Arguments on both sides can be fierce. Many authors and readers argue that it’s irresponsible of fiction to not show characters engaging in (and presumably enjoying) safe sex. Others maintain that the romance novel is inherently a fantasy, and to interrupt the moment with mundane precautions would detract from the reader’s enjoyment. While both sides have valid points to be made, the decision gets even trickier when writing a historical romance.
Condoms have been available, in one form or another, for a long, long time. Whether or not our historical heroes would have had ready access to them or any inclination to use them depends on a lot of variables: when and where the hero lives being the most important. Wealth, religion, educational level—all of these can factor in. And of course, depending on how it was made and what it was made of, the efficacy varied wildly. So to get it right, an author actually needs to know a little bit about the origins of the little foil packet.
When I started writing Marry Me, Marietta, for a special Ellora’s Cave project a few years ago, I had to do some serious digging to find out what my Victorian physician hero would have access to and use. Of course, once I started, I became fascinated by the research and had to know more.
Nobody knows exactly when the condom was invented. There are Egyptian hieroglyphics roughly 3000 years old that show a man wearing what looks like a linen sheath over his penis. Nobody is sure if this was to prevent disease or pregnancy, or just for decoration. There are rumors of the Romans using this or that for contraception, but no definite references to what could be considered a condom. Cave paintings in France dated to around 100 AD again show men wearing a colored sheath, but again, we have no idea why.
However, people have been trying to not get pregnant, for one reason or another, almost as long as others have been trying to get pregnant. And it’s just common sense to put a barrier between the sperm and the womb. So the use of homemade condoms could go back—well—as at least as long as humans have been making sausage. Given the obviousness of a length of sheep gut with a knot tied in it, it seems likely that these relatively risky versions have been used for a very long time. Keep in mind though, that most of Europe was Catholic through the Middle Ages, and that the Catholic Church considered contraception of any kind (even withdrawal) a major sin. So while the concept may well have existed, it probably wasn’t discussed publicly or in common use.
The first written reference to what we now call a condom was by an Italian scientist named Fallopio (yes, as in Fallopian tubes) in 1564. He claimed to have “invented” a device to prevent the spread of venereal disease. The description isn’t very detailed, but apparently it was a linen sheath that fit over the glans—basically a little bonnet that tied on just over the head of the penis. He actually tested it on 1100 men and none of them became infected. So the condom for disease prevention isn’t a recent phenomenon. Another doctor published something similar in 1597.
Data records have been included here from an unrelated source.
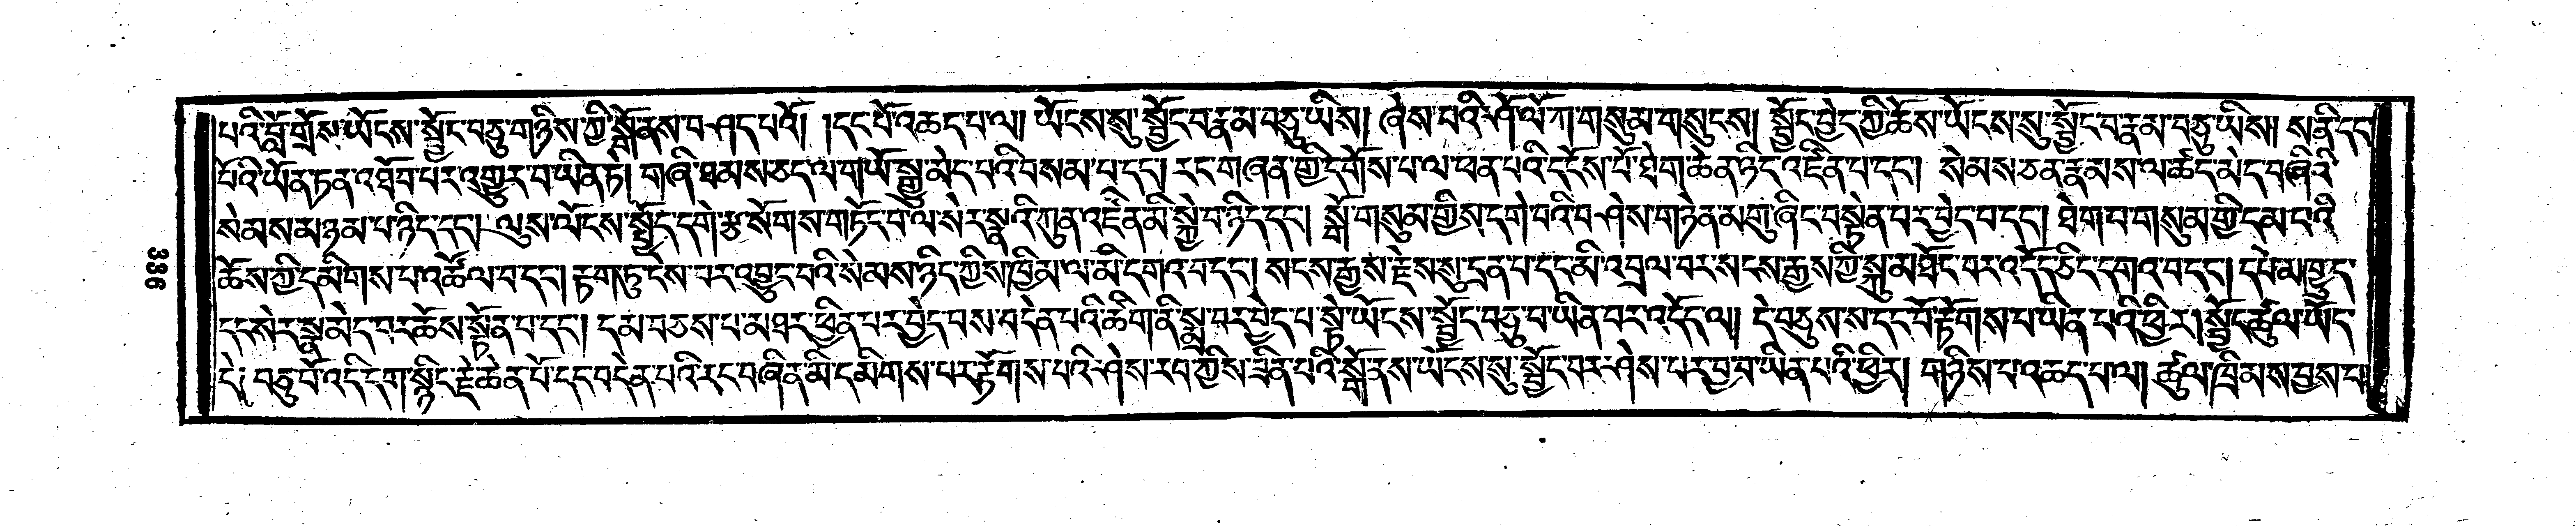པའི་བློ་གྲོས་ཡོངས་སྦྱོང་བཅུ་གཉིས་ཀྱི་སྒོ་ནས་བཤད་པའོ། །དང་པོ་འཆད་པ་ལ། ཡོངས་སུ་སྦྱོང་བ་རྣམ་བཅུ་ཡིས། ཞེས་པའི་ཤོ་ལོ་ཀ་གསུམ་གསུངས། སྦྱོང་བྱེད་ཀྱི་ཆོས་ཡོངས་སུ་སྦྱོང་བ་རྣམ་བཅུ་ཡིས། ས་ནི་དང་
པོའི་ཡོན་ཏན་འཐོབ་པར་འགྱུར་བ་ཡིན་ཏེ། གཞི་ཐམས་ཅད་ལ་གཡོ་སྒྱུ་མེད་པའི་བསམ་པ་དང་། རང་གཞན་གྱི་དགོས་པ་ལ་ཕན་པའི་དངོས་པོ་ཐེག་ཆེན་ཉིད་འཛིན་པ་དང་། སེམས་ཅན་རྣམས་ལ་ཚད་མེད་བཞིའི་
སེམས་མཉམ་པ་ཉིད་དང་། ལུས་ལོངས་སྤྱོད་དགེ་རྩ་སོགས་གཏོང་བ་ལ་སེར་སྣའི་ཀུན་འཛིན་མི་སྐྱེ་བ་ཉིད་དང་། སྒོ་གསུམ་གྱིས་དགེ་བའི་བཤེས་གཉེན་མགུ་ཞིང་བསྟེན་པར་བྱེད་པ་དང་། ཐེག་པ་གསུམ་གྱི་དམ་པའི་
ཆོས་ཀྱི་དམིགས་པ་འཚོལ་བ་དང་། རྟག་ཏུ་ངེས་པར་འབྱུང་བའི་སེམས་ཉིད་ཀྱིས་ཁྱིམ་ལ་མི་དགའ་བ་དང་། སངས་རྒྱས་རྗེས་སུ་དྲན་པ་དང་མི་འབྲལ་བར་སངས་རྒྱས་ཀྱི་སྐུ་མཐོང་བར་འདོད་ཅིང་དགའ་བ་དང་། དཔེ་མཁྱུད་
དང་སེར་སྣ་མེད་པར་ཆོས་སྟོན་པ་དང་། དམ་བཅས་པ་མཐར་ཕྱིན་པར་བྱེད་པས་བདེན་པའི་ཚིག་ནི་སྨྲ་བར་བྱེད་པ་སྟེ་ཡོངས་སྦྱོང་བཅུ་པ་ཡིན་པར་འདོད་ལ། དེ་བཅུས་ས་དང་པོ་རྟོགས་པ་ཡིན་པའི་ཕྱིར། སྦྱོང་ཚུལ་ཡོད་
དེ༑ བཅུ་པོ་འདི་དག་སྙིང་རྗེ་ཆེན་པོ་དང་བདེན་པའི་རང་བཞིན་མི་དམིགས་པར་རྟོགས་པའི་ཤེས་རབ་ཀྱིས་ཟིན་པའི་སྒོ་ནས་ཡོངས་སུ་སྦྱོང་བར་ཤེས་པར་བྱ་བ་ཡིན་པའི་ཕྱིར། གཉིས་པ་འཆད་པ་ལ། ཚུལ་ཁྲིམས་བྱས་པ་

From there forward, there’s a pretty clear record of condom use and innovation. They’re mentioned in a French play from 1655, maybe in the correspondence of two French noblewomen from the late 1600s and quite extensively in the memoirs of the legendary Giacomo Casanova, published in 1797. The famous lover didn’t much like them and there’s an engraving in the book of he and a friend inflating them like balloons to entertain a pair of ladies, thus starting a proud tradition carried out by high school boys to this day.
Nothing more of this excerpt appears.